- _TASK PROMPT_: Everything in the records must be restated exactly, apart from the pictures.

- _DATASET_:
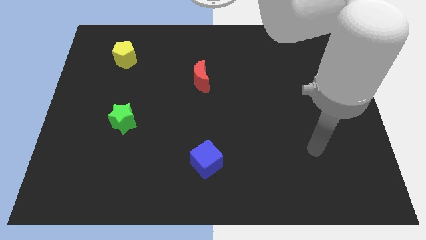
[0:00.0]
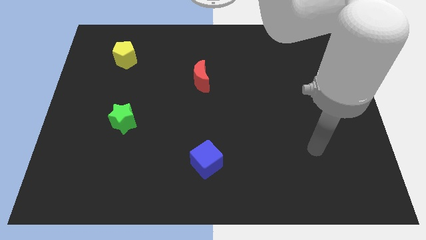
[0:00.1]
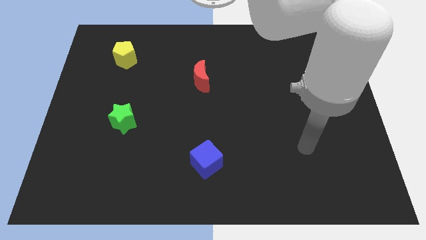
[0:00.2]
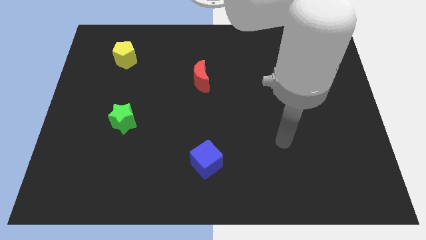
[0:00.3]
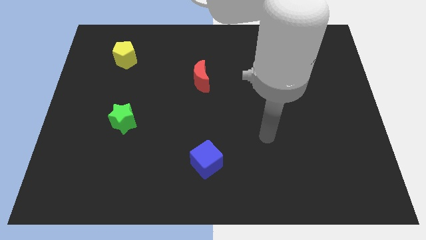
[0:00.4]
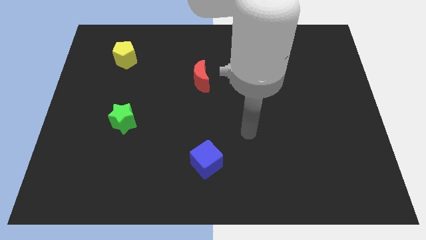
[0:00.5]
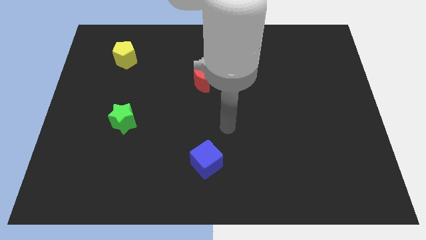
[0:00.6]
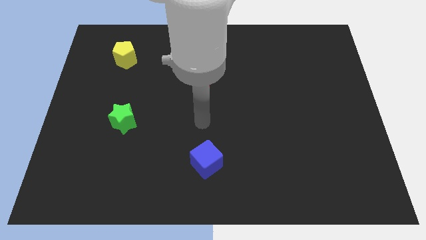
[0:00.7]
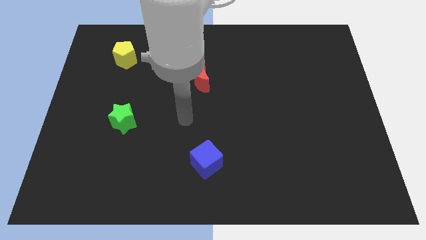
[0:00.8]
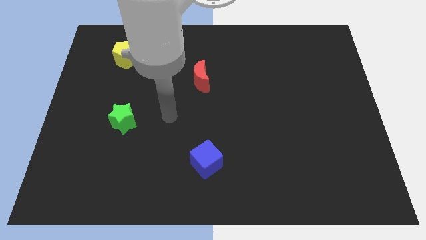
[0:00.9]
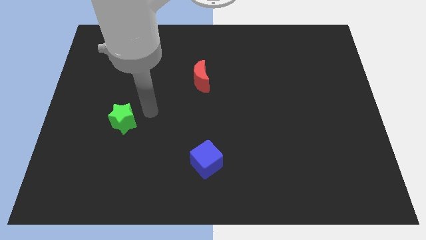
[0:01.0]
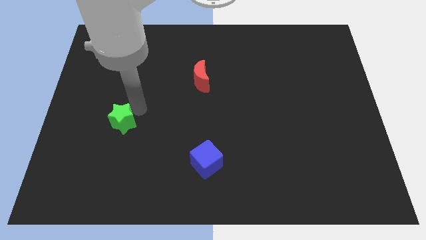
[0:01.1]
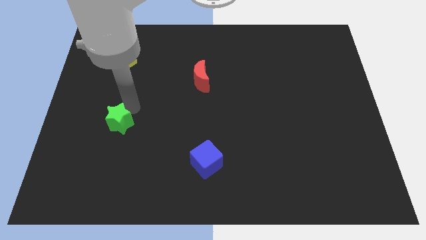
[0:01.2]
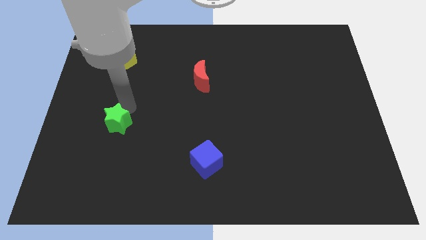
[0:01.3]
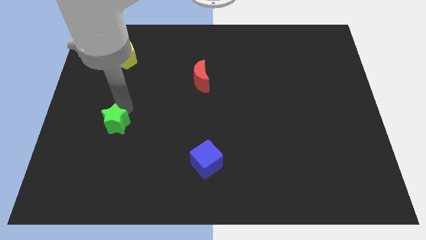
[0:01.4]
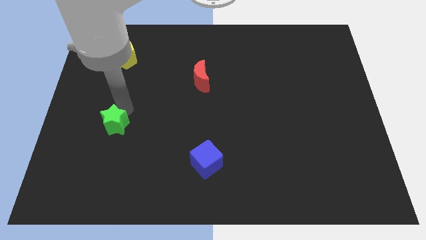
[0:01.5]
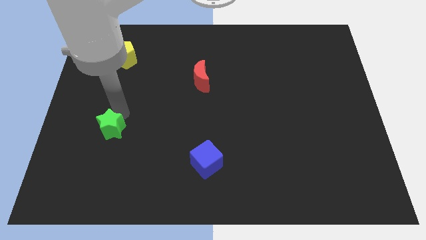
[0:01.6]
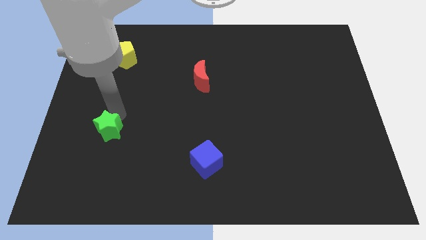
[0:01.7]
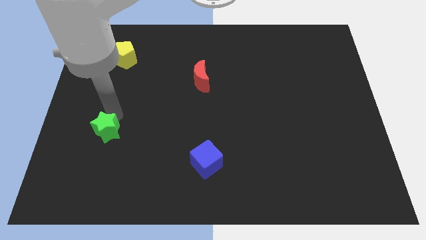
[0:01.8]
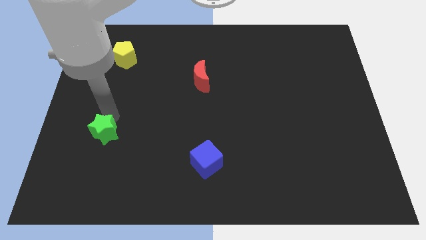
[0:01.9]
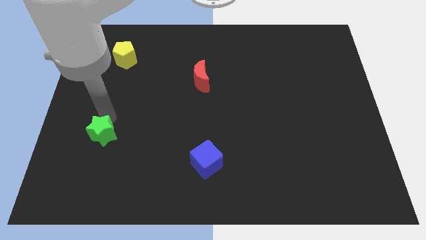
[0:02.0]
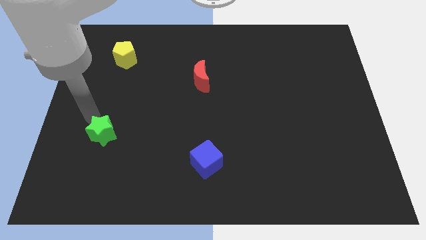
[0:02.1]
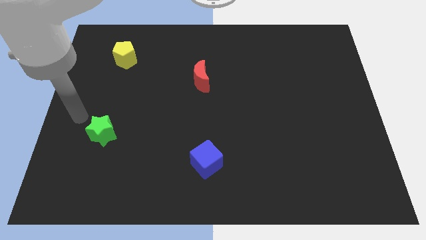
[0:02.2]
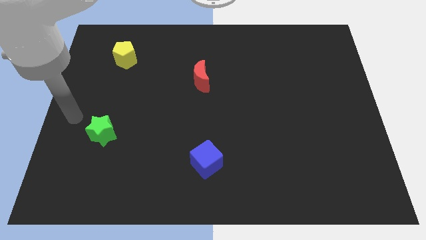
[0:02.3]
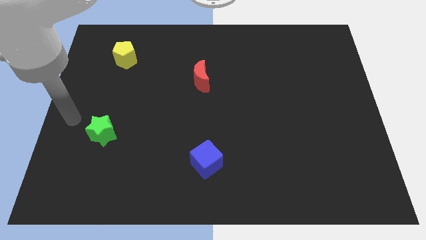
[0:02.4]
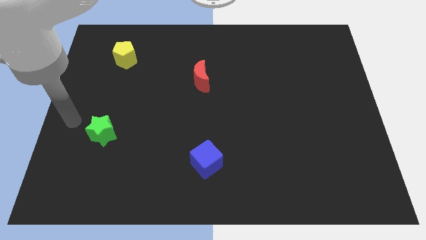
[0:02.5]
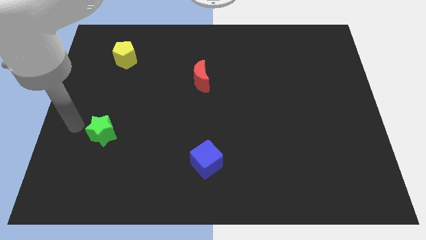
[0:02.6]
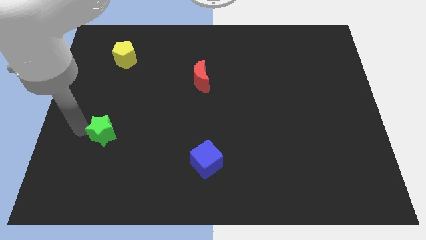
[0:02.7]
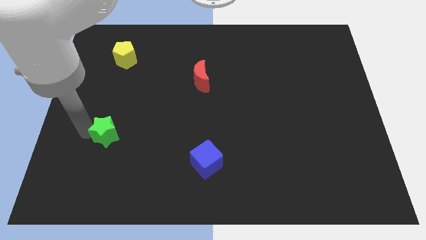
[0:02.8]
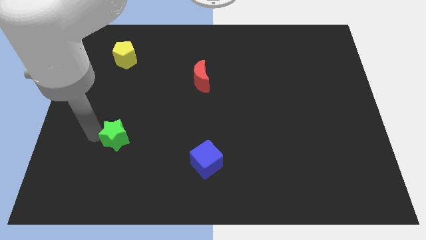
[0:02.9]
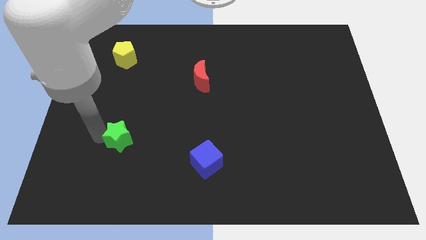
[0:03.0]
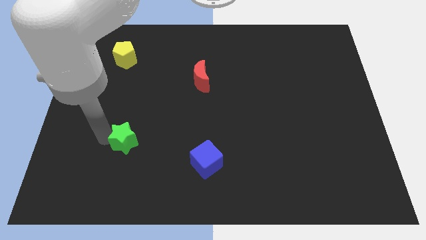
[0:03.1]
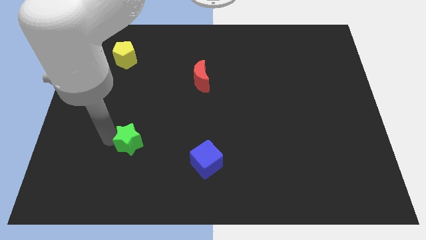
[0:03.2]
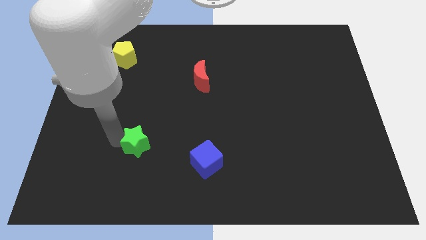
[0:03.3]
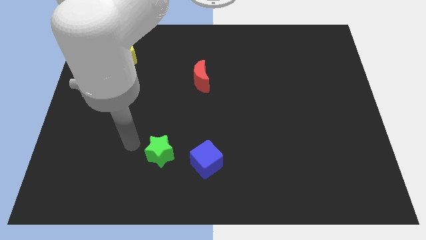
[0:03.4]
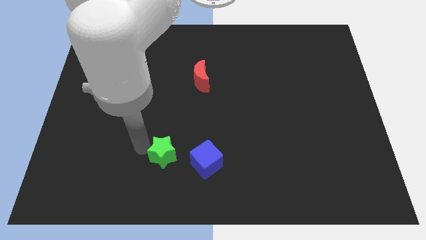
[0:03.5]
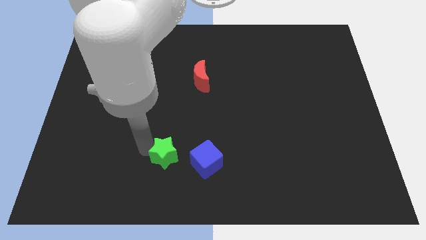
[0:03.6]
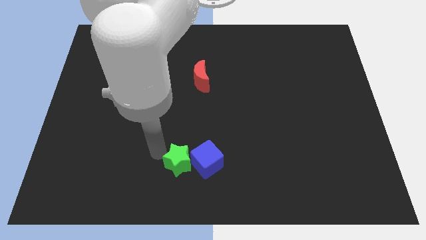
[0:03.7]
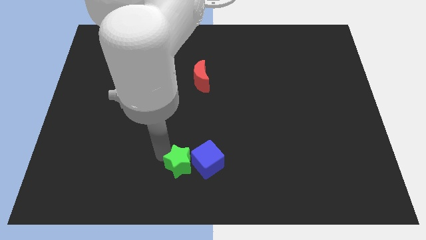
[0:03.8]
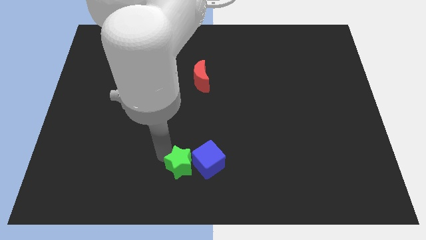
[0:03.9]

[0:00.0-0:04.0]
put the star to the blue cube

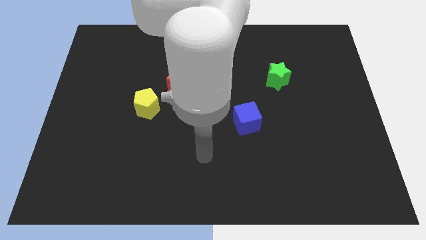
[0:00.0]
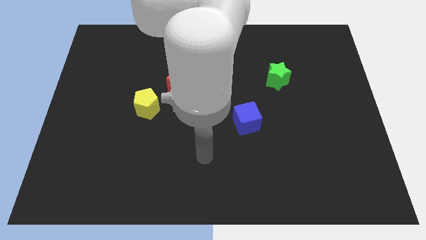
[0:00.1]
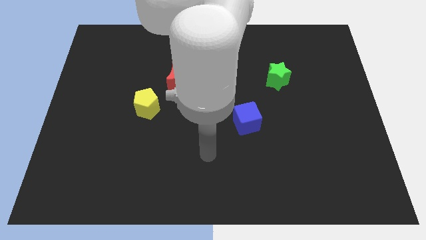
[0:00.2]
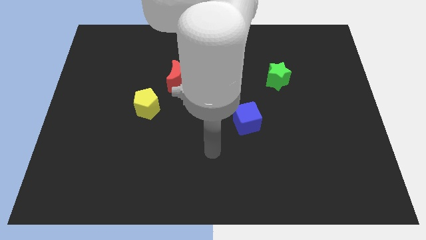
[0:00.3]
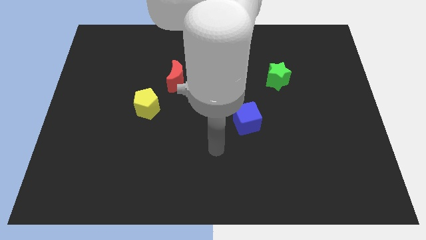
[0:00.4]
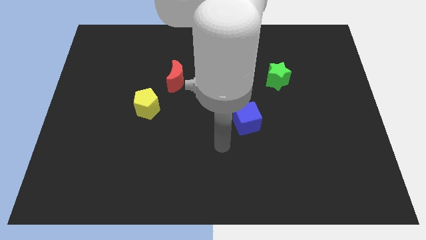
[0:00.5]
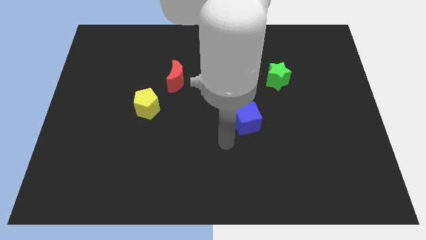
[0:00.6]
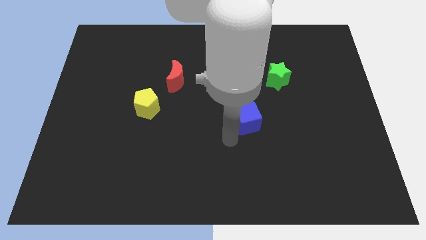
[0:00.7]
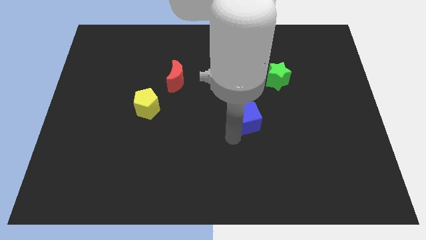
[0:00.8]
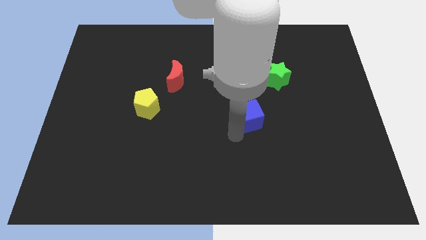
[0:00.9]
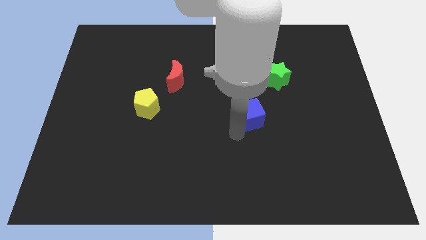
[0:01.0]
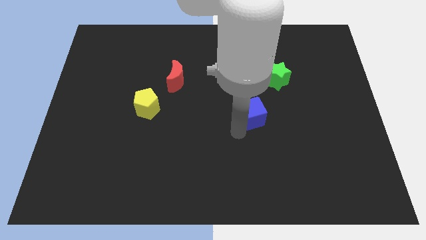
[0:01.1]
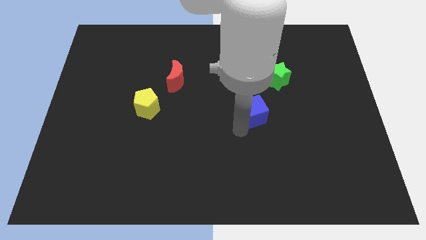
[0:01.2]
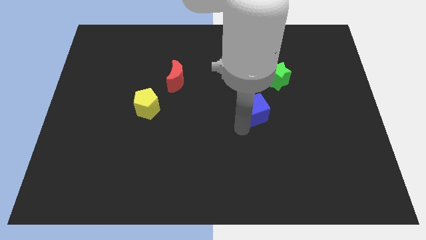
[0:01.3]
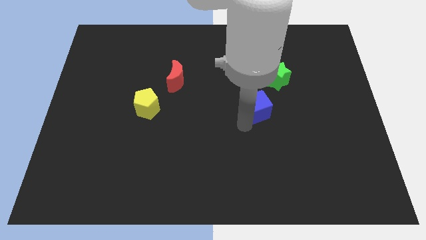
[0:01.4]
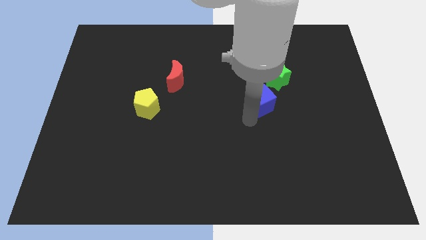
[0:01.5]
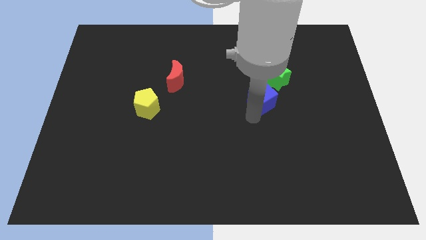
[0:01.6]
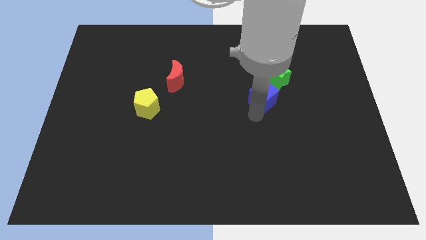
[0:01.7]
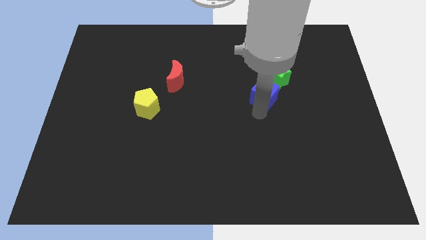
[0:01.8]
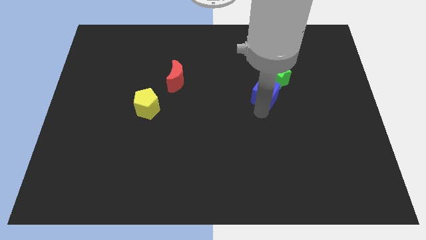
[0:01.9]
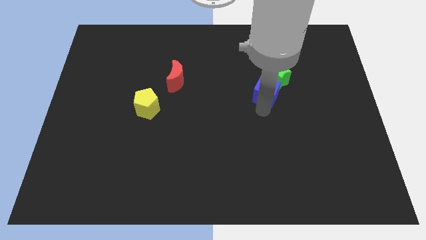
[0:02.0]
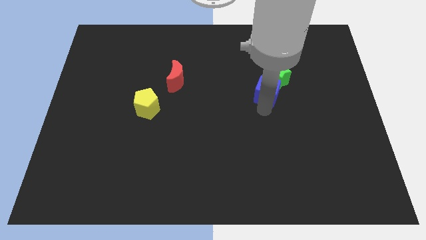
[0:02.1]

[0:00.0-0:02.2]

- _OUTPUT OF THE TASK_:
[0:00.0]
[0:00.1]
[0:00.2]
[0:00.3]
[0:00.4]
[0:00.5]
[0:00.6]
[0:00.7]
[0:00.8]
[0:00.9]
[0:01.0]
[0:01.1]
[0:01.2]
[0:01.3]
[0:01.4]
[0:01.5]
[0:01.6]
[0:01.7]
[0:01.8]
[0:01.9]
[0:02.0]
[0:02.1]
[0:02.2]
[0:02.3]
[0:02.4]
[0:02.5]
[0:02.6]
[0:02.7]
[0:02.8]
[0:02.9]
[0:03.0]
[0:03.1]
[0:03.2]
[0:03.3]
[0:03.4]
[0:03.5]
[0:03.6]
[0:03.7]
[0:03.8]
[0:03.9]

[0:00.0-0:04.0]
put the star to the blue cube

[0:00.0]
[0:00.1]
[0:00.2]
[0:00.3]
[0:00.4]
[0:00.5]
[0:00.6]
[0:00.7]
[0:00.8]
[0:00.9]
[0:01.0]
[0:01.1]
[0:01.2]
[0:01.3]
[0:01.4]
[0:01.5]
[0:01.6]
[0:01.7]
[0:01.8]
[0:01.9]
[0:02.0]
[0:02.1]

[0:00.0-0:02.2]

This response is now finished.